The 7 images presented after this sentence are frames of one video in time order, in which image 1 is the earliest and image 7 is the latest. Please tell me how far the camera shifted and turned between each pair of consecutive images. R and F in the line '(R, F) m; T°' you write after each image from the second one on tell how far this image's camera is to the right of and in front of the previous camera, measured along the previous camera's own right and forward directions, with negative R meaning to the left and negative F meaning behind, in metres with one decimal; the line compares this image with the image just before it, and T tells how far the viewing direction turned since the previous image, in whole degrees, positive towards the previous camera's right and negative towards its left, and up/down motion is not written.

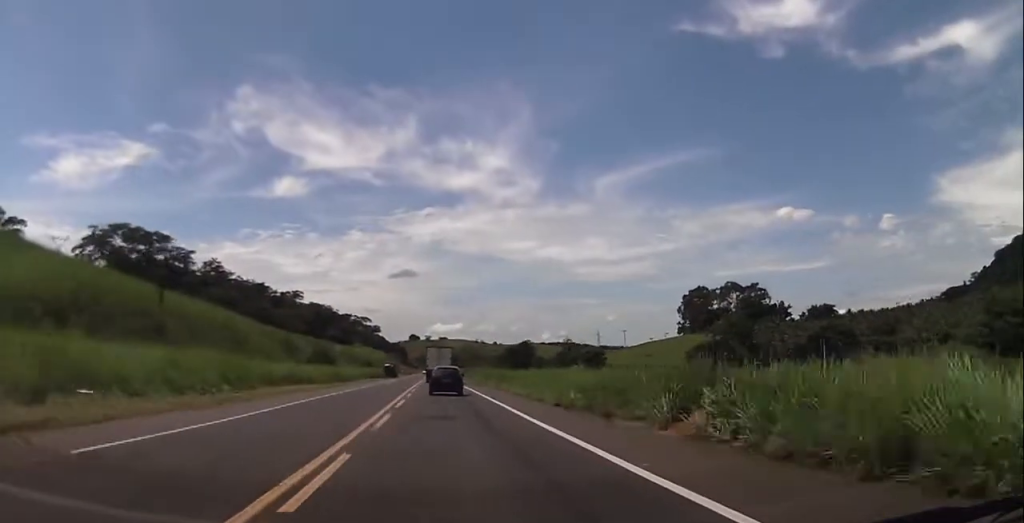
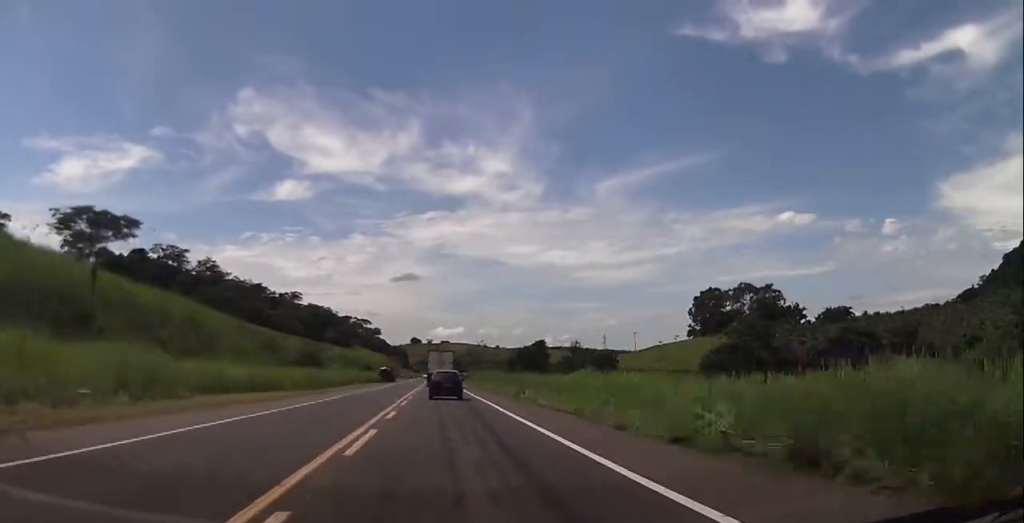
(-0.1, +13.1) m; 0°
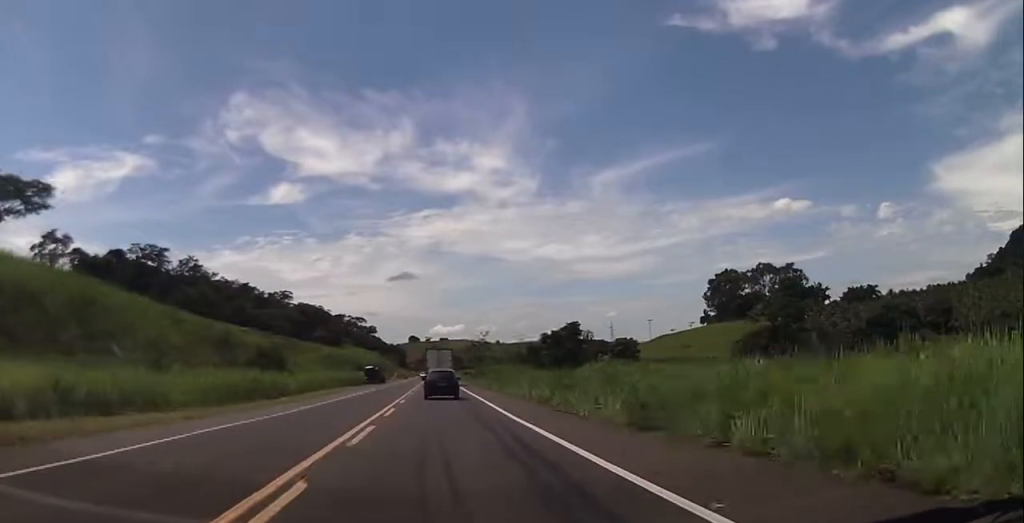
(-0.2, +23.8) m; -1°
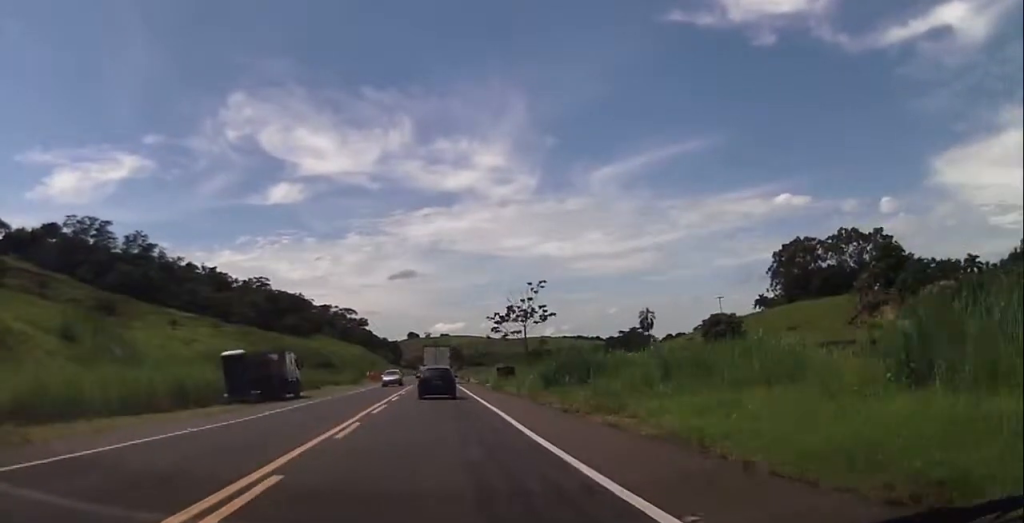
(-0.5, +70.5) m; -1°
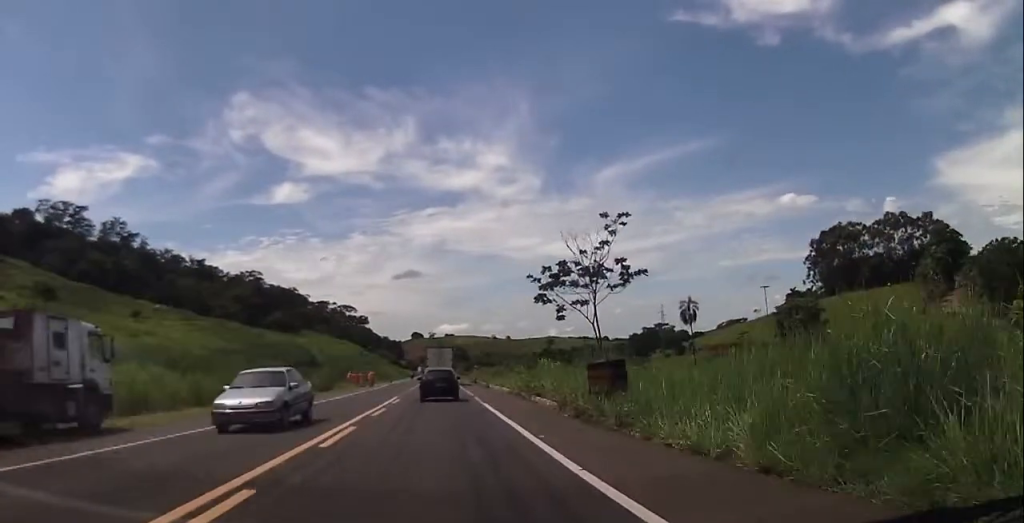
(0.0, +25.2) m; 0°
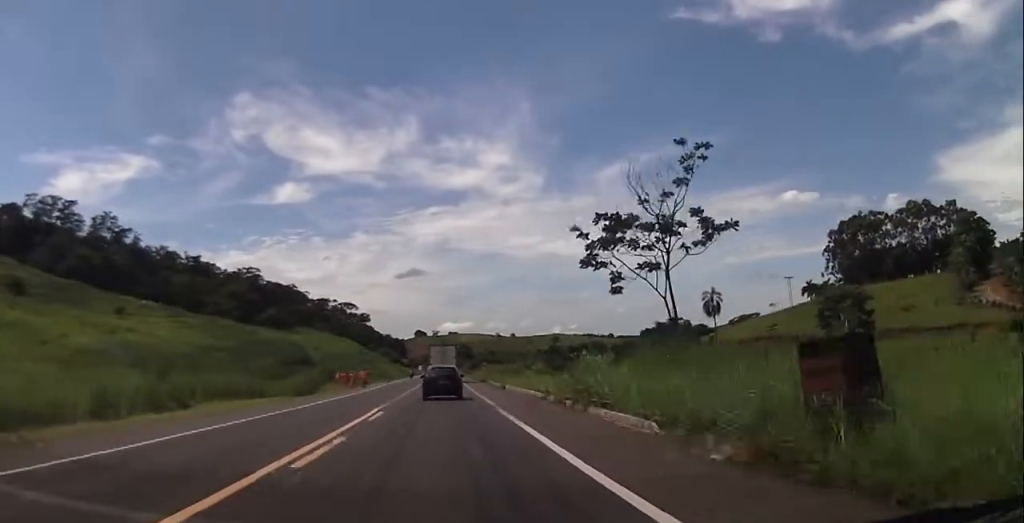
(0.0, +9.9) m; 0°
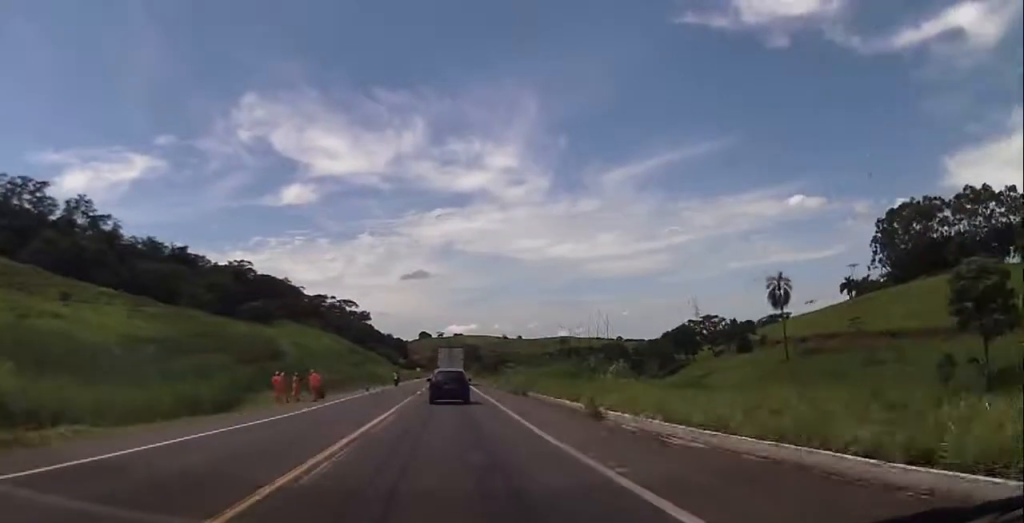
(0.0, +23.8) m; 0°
------------------------------
*Task statement:*
Restate all entries above exactly, but not the images.

*Answer to the problem:*
The 7 images presented after this sentence are frames of one video in time order, in which image 1 is the earliest and image 7 is the latest. Please tell me how far the camera shifted and turned between each pair of consecutive images. R and F in the line '(R, F) m; T°' you write after each image from the second one on tell how far this image's camera is to the right of and in front of the previous camera, measured along the previous camera's own right and forward directions, with negative R meaning to the left and negative F meaning behind, in metres with one decimal; the line compares this image with the image just before it, and T tells how far the viewing direction turned since the previous image, in whole degrees, positive towards the previous camera's right and negative towards its left, and up/down motion is not written.

(-0.1, +13.1) m; 0°
(-0.2, +23.8) m; -1°
(-0.5, +70.5) m; -1°
(0.0, +25.2) m; 0°
(0.0, +9.9) m; 0°
(0.0, +23.8) m; 0°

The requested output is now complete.